For the tax administration, the ruling balances enforcement with fairness. It does not dilute statutory timelines under Section 107(4); rather, it channels late appeals through a structured, conditional mechanism expressly created by CBIC. This can reduce litigation over condonation and promote quicker resolution on merits, as appellants will be incentivized to deposit a part of the disputed tax and pursue their appeals promptly.
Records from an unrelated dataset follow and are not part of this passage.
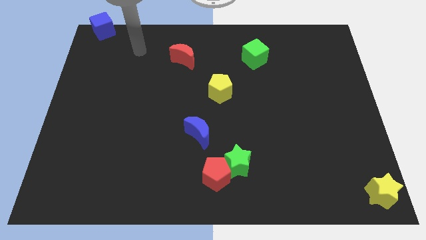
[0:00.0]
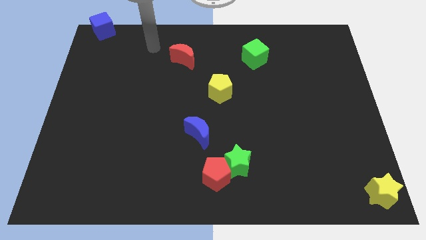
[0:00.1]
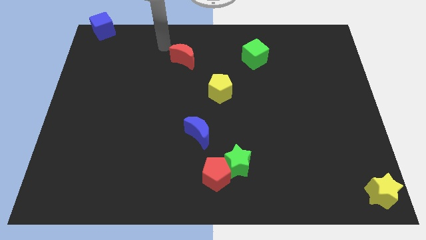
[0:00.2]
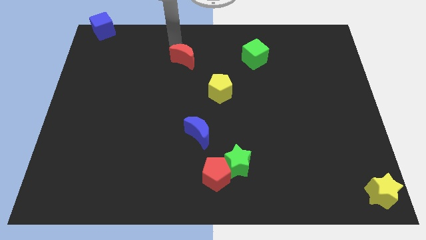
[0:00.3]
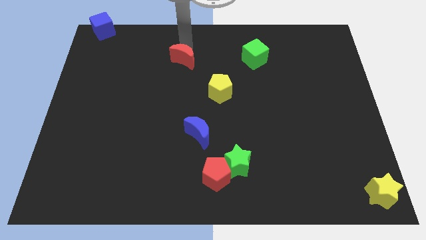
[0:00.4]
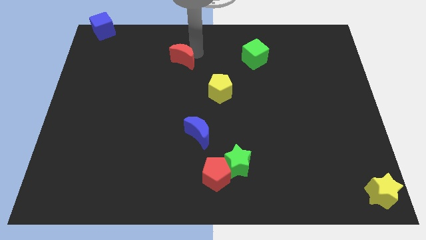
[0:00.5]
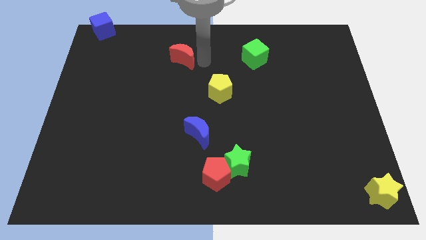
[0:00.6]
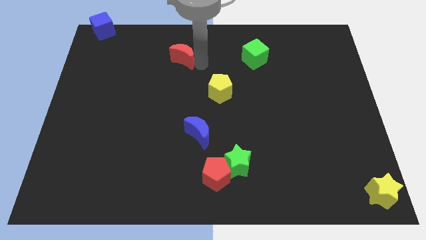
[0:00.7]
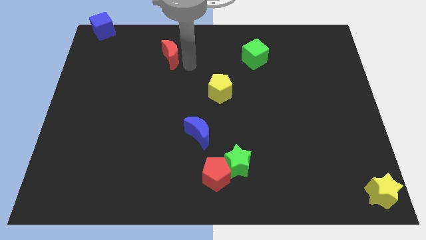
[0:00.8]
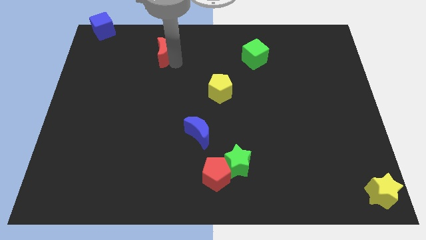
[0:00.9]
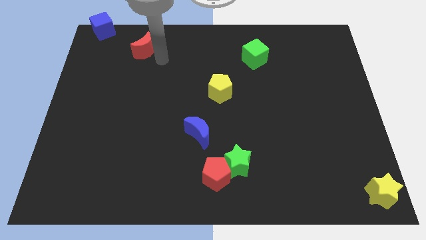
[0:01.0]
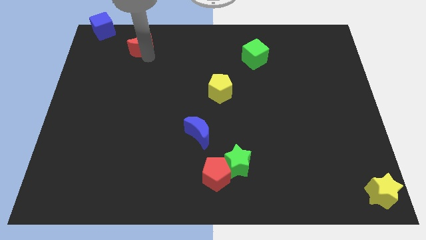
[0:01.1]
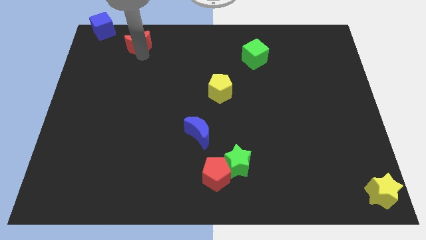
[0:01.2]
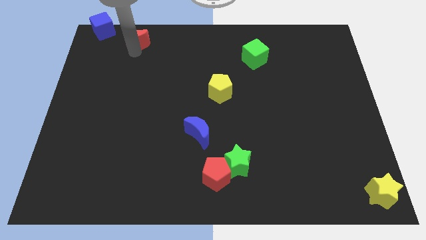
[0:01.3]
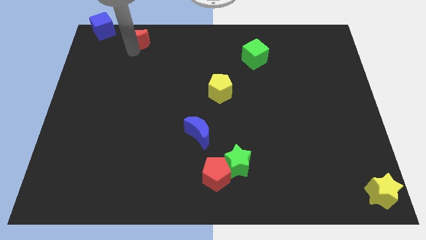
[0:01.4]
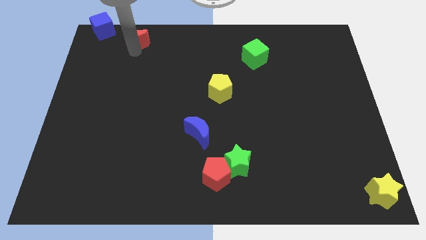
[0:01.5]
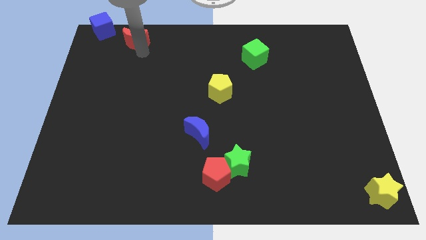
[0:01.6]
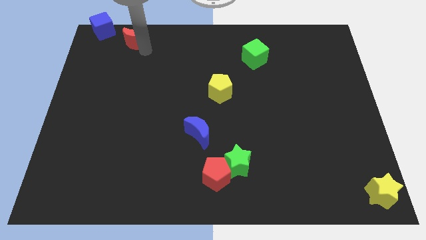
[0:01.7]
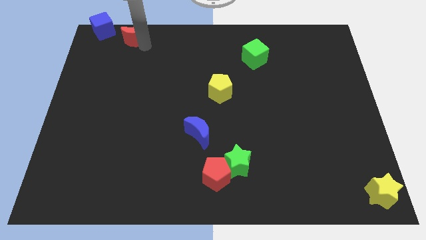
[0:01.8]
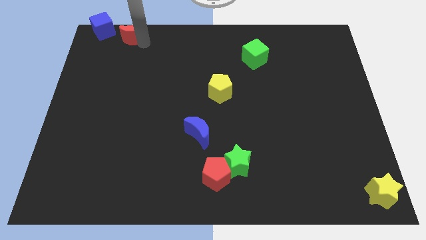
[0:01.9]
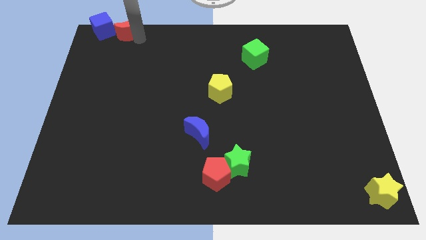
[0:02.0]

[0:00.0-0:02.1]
move the red moon to the right of blue cube

Over time, the approach may also improve taxpayer confidence in the GST appellate system, as the focus shifts from procedural defaults to substantive adjudication.
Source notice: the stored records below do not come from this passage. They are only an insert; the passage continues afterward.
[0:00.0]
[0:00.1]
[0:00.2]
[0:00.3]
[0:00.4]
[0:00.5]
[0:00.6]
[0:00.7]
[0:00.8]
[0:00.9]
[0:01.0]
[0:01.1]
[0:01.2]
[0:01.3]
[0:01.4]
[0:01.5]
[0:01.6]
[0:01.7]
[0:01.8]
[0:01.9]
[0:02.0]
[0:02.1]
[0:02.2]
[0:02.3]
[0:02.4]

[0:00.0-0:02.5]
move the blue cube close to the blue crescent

Legal Issue(s) Decided and the Court’s Decision with reasoning
- Whether the appellate authority or the High Court could extend the limitation beyond the one-month condonable period under Section 107(4) of the BGST Act.
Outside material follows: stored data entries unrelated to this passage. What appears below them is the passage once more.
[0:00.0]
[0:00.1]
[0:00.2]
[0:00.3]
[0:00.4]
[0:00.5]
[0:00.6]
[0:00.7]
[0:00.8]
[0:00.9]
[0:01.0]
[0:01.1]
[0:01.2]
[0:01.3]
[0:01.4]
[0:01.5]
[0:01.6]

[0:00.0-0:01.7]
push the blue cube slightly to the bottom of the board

Decision: No. The statute prescribes a strict timeline (three months plus one month) and neither the appellate authority nor the High Court can extend it under ordinary principles. - Whether CBIC’s Notification No. 53/2023–Central Tax (dated 2 November 2023) could be invoked for an order passed after the stated cut-off of 31 March 2023.
Decision: Although the notification literally covers orders passed on or before 31 March 2023, the Court found no rational basis for that cut-off when the notification was issued much later. To advance the notification’s beneficial purpose, the Court permitted the petitioner to avail the special procedure notwithstanding the post-cut-off date of the order. - Consequential relief if the special procedure is availed.
Decision: The appellate rejection on the ground of delay was set aside; the matter was remanded for fresh consideration by the first Appellate Authority, conditional on the petitioner fulfilling the notification’s pre-deposit and filing requirements. If the petitioner fails to comply, the earlier order rejecting the appeal revives and continues to operate.
Case Title
M/s Prince Sanitation, Gandhi Path, Ward No. 8, Saharsa through its Proprietor v. The State of Bihar & Ors.
Case Number
Civil Writ Jurisdiction Case No. 17202 of 2023.
Coram and Names of Judges — Always prefix with Hon’ble
Hon’ble the Chief Justice (K. Vinod Chandran) and Hon’ble Mr. Justice Rajiv Roy.
Names of Advocates and who they appeared for
For the petitioner: Mr. Gyan Shankar, Advocate; Mr. Abhinav Alok, Advocate.
For the respondents (State): Mr. Raghwanand, Government Advocate-11; Mr. Pratik Kumar, Assistant Counsel to GA-11.